Welcome to your project repository for the ISYS2001 Final Programming Project. This repo provides a starting point for building your Smart Finance Assistant.
In this project, you will design and implement a Smart Finance Assistant using:
- Python (Google Colab)
- hands-on-ai (chat, RAG, agent tools)
- Gradio (to create a simple app interface)
Your Assistant should include:
- Chat: a finance-oriented personality bot
- RAG: retrieval from CSV or other documents
- Agent Tool: one custom tool (e.g., budget calculator, currency converter)
- Gradio UI: a simple interface tying everything together
- Tests: a Testing Section in your notebook
You may adapt this structure or create your own. Clarity and organisation are graded in the rubric.
/README.md ← this file
/assignment.pdf ← official assignment specification
/starter_notebook.ipynb ← scaffold notebook with six-step method
/example_diary.md ← sample Developer’s Diary entries
/data/ ← your CSVs or sample datasets
/tests/ ← your test scripts or asserts
/ai-conversations/ ← weekly AI Evidence Packages (screenshots, notes)
/docs/ ← pseudocode, design notes, planning docs
- Open the
starter_notebook.ipynbin Google Colab. - Follow the six-step methodology:
- Understand the problem
- Identify inputs and outputs
- Work the problem by hand
- Write pseudocode
- Convert to Python
- Test with a variety of data
- Add at least one meaningful GitHub commit per week (Weeks 8–12).

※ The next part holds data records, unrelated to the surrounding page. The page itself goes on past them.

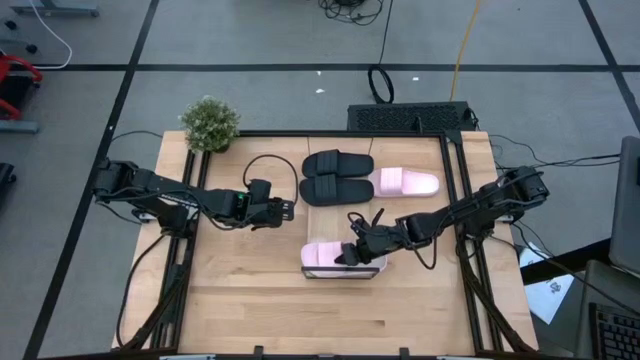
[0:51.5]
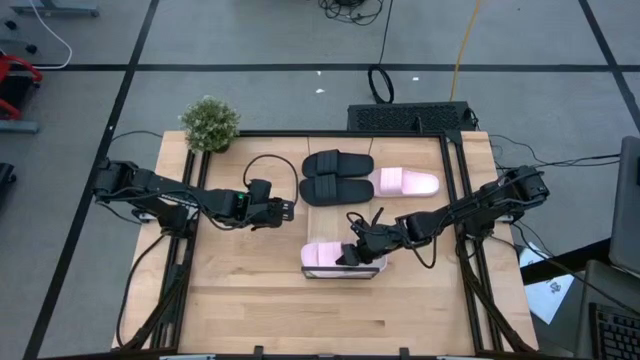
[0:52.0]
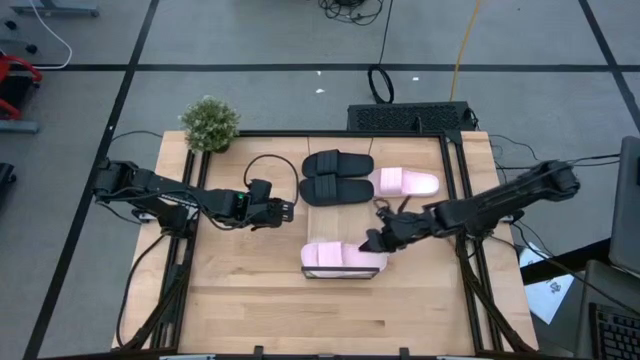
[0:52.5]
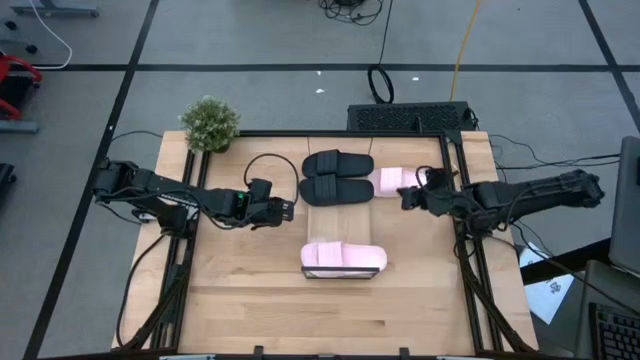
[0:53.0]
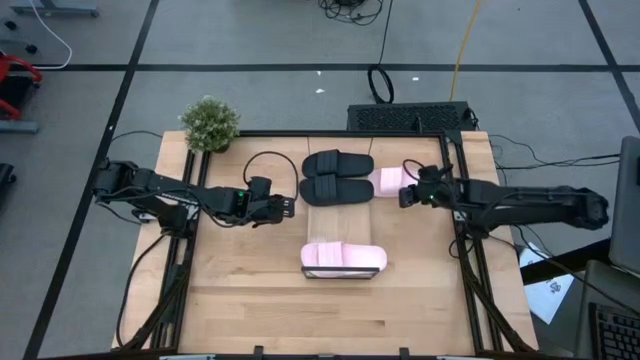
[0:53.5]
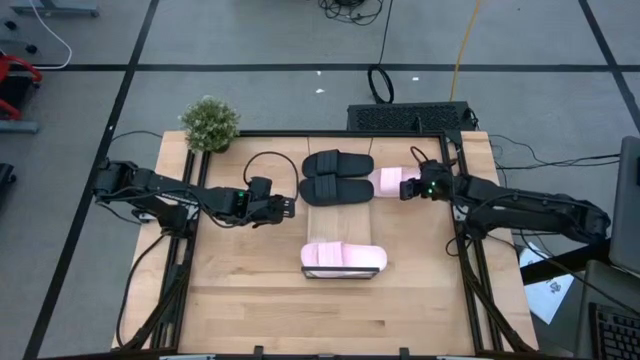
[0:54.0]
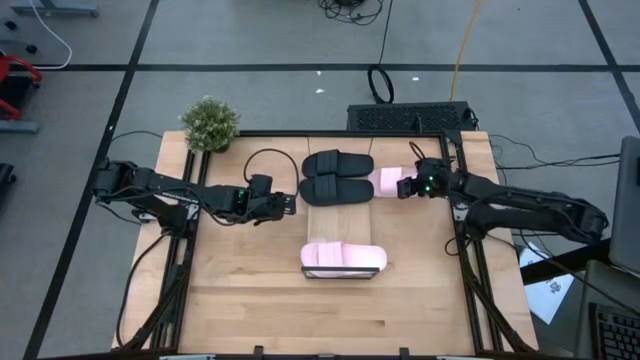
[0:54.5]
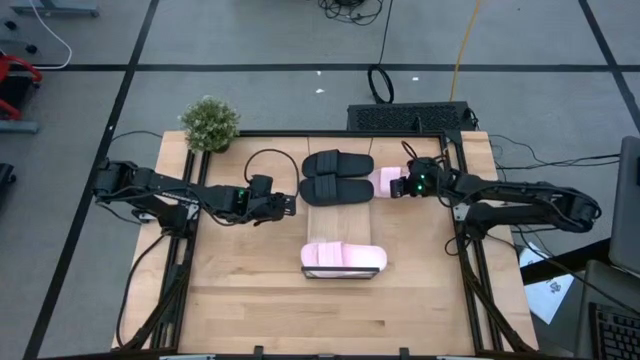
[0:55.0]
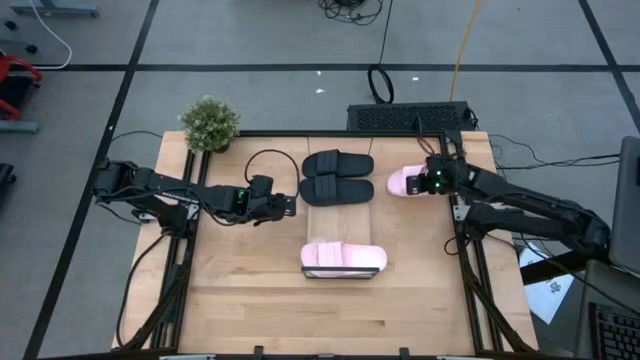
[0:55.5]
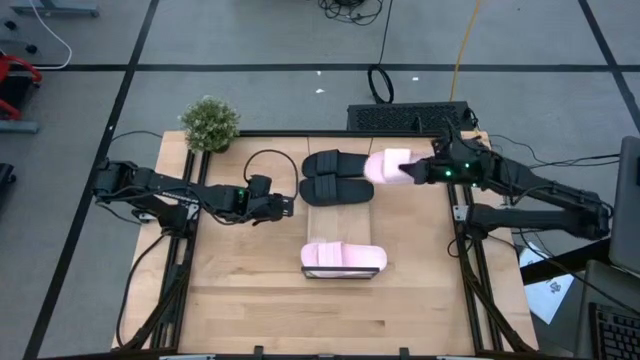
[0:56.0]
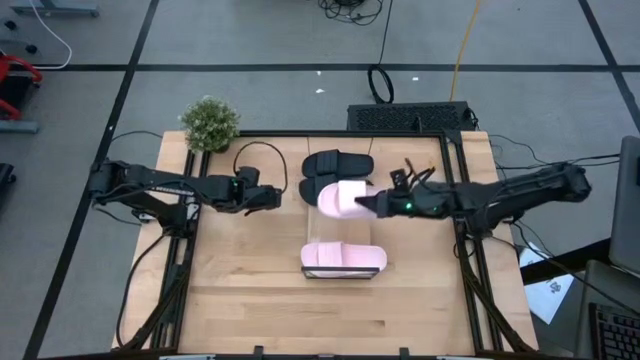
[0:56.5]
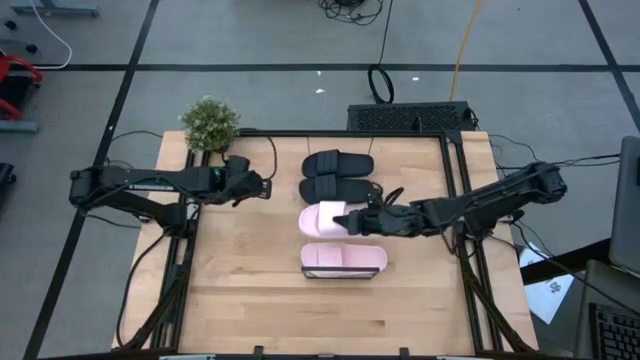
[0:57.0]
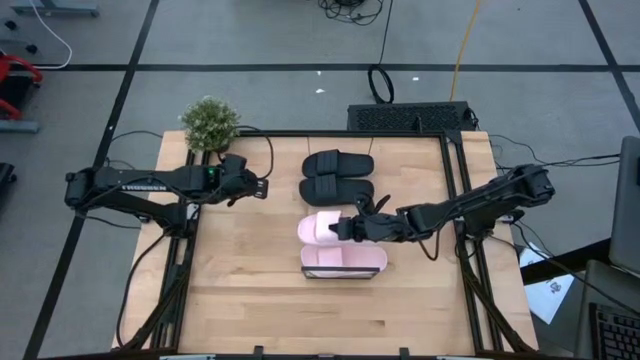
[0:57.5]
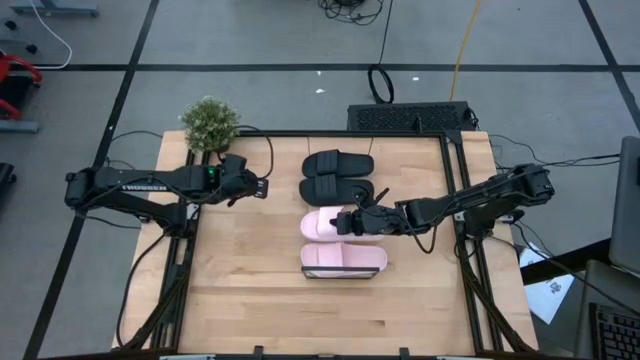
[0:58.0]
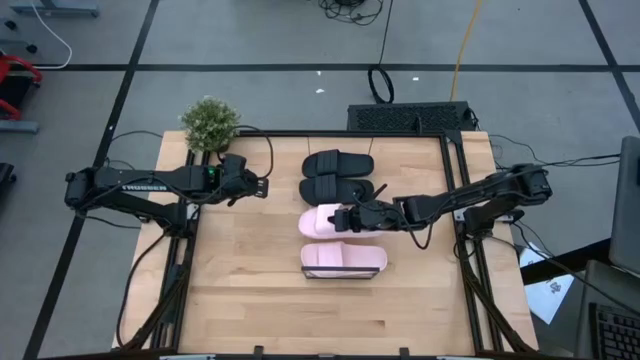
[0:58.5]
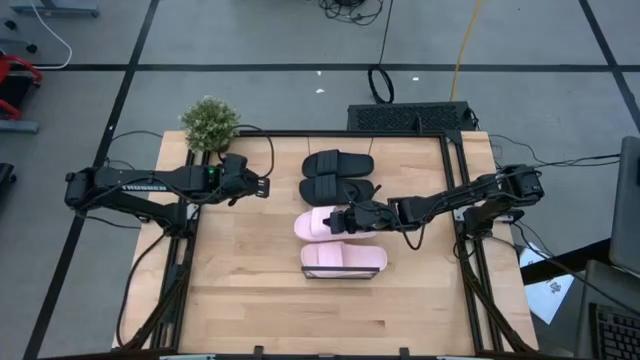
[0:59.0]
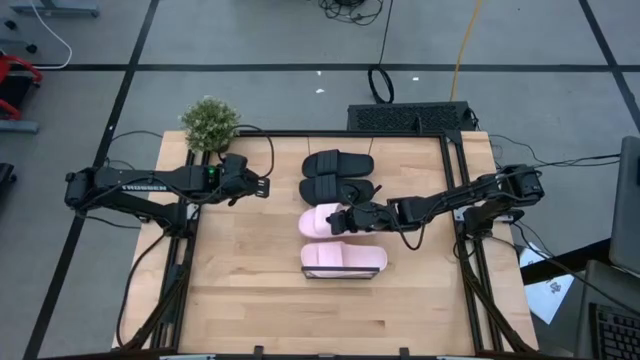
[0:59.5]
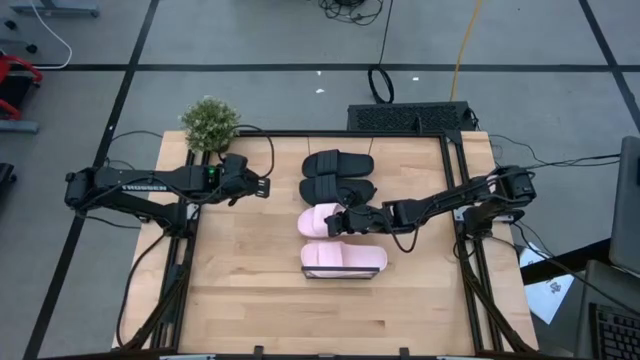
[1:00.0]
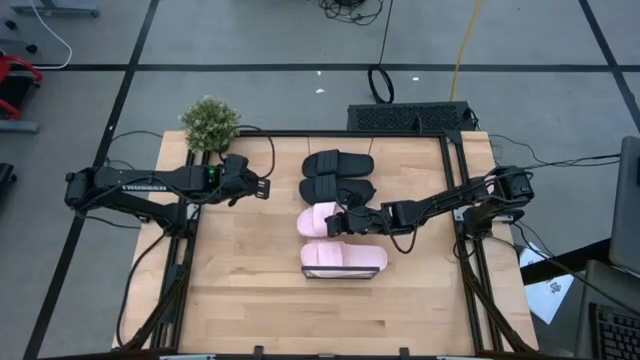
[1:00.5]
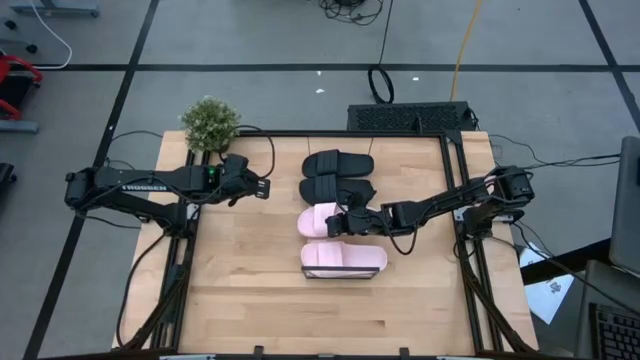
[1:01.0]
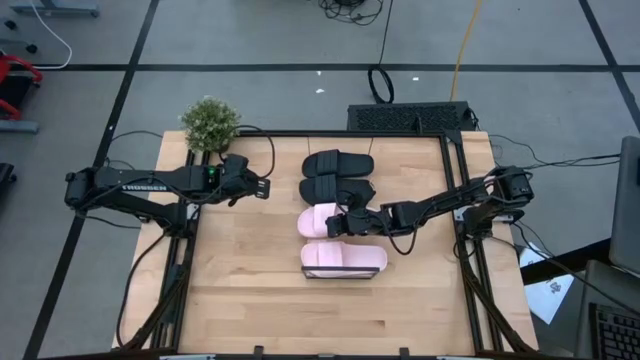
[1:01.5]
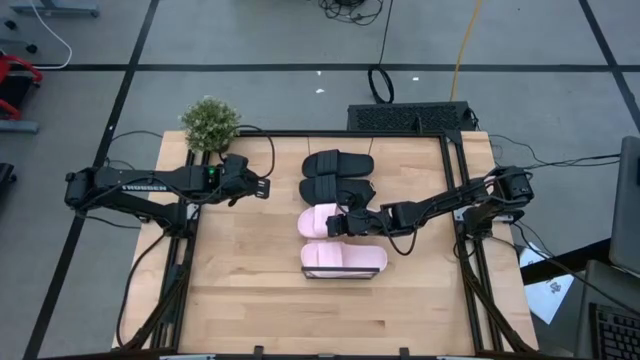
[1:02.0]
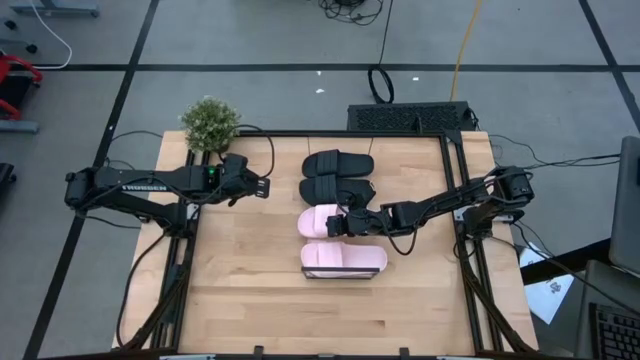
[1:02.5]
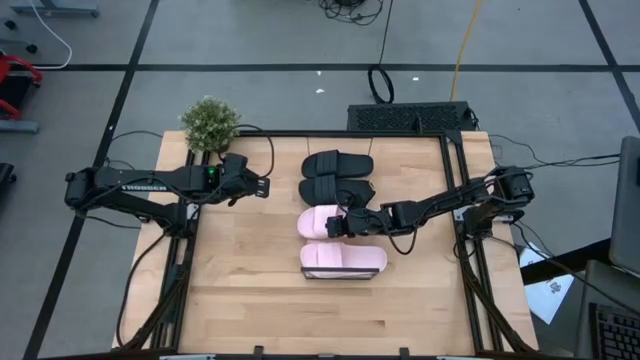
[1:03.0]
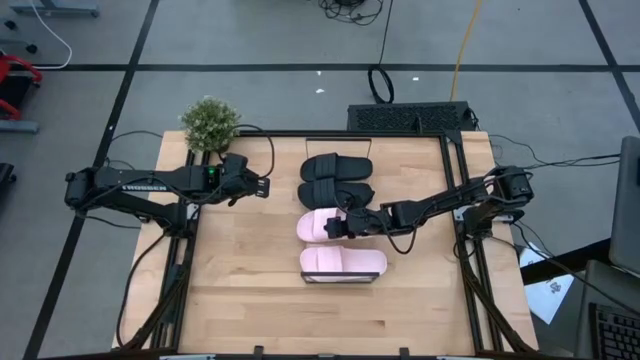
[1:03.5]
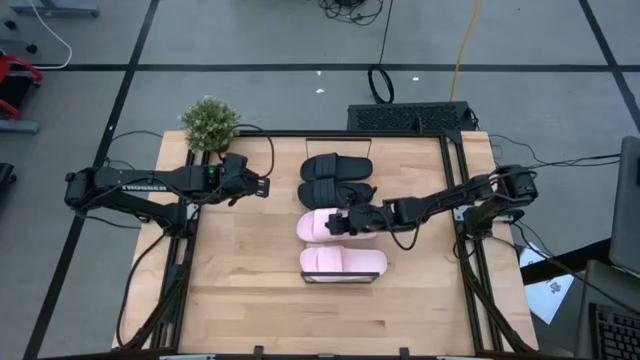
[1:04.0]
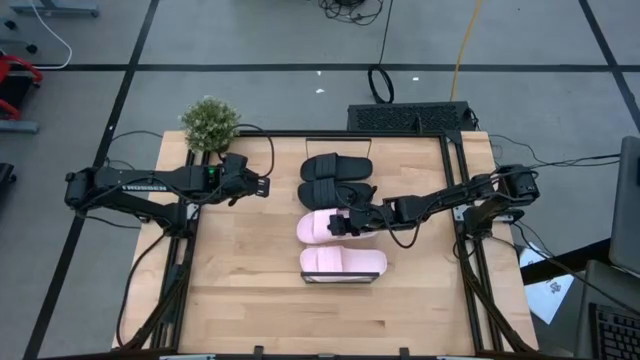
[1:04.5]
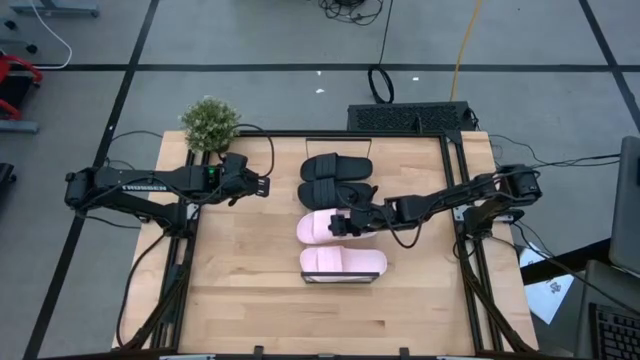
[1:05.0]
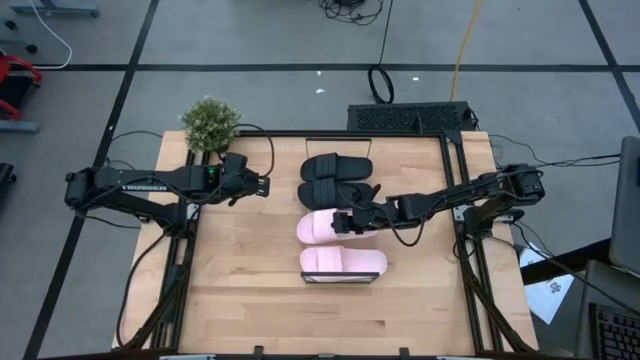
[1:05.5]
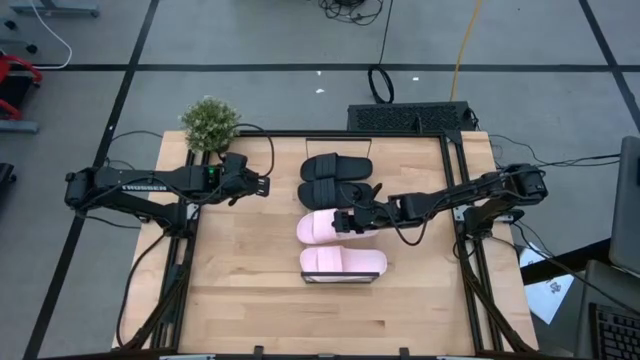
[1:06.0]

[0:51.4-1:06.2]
Task: Pick and place slides into the shelf
Put the pink slide on the shelf

- Document AI use in your Developer’s Diary (
/ai-conversations/folder or a markdown file).
- Colab Notebook with full project implementation
- GitHub repository with:
- Notebook, README, and Developer’s Diary
- Weekly AI Evidence Packages (Weeks 8–12)
- Meaningful commit history
- Developer’s Diary entries that include:
- Artifact: screenshot or snippet of AI use
- Context: your goal
- Reflection: what worked, what didn’t, what you learned
- Functionality – chatbot, RAG, tool, and UI integrated (30%)
- Testing & Debugging – clear tests, meaningful edge cases (20%)
- AI Collaboration & Progress – AI evidence + weekly commits (20%)
- Business Relevance – meaningful finance problem (15%)
- Clarity & Reflection – repo organisation, README, diary (15%)
For the full rubric, see assignment.pdf.
- hands-on-ai Package: GitHub Repository
- Documentation: DeepWiki Guide
- For AI Assistants: Share this LLM context file with ChatGPT/Claude/Copilot for better code suggestions
- Keep your commits small and descriptive.
- Use AI as a coding partner, not a crutch.
- Remember: undocumented AI use = misconduct.
Good luck, and have fun building your Finance Assistant! 🎉
The template code in this repository is licensed under the MIT License. See the LICENSE file for more details.
You are free to license your own work (your project code) under any license you choose.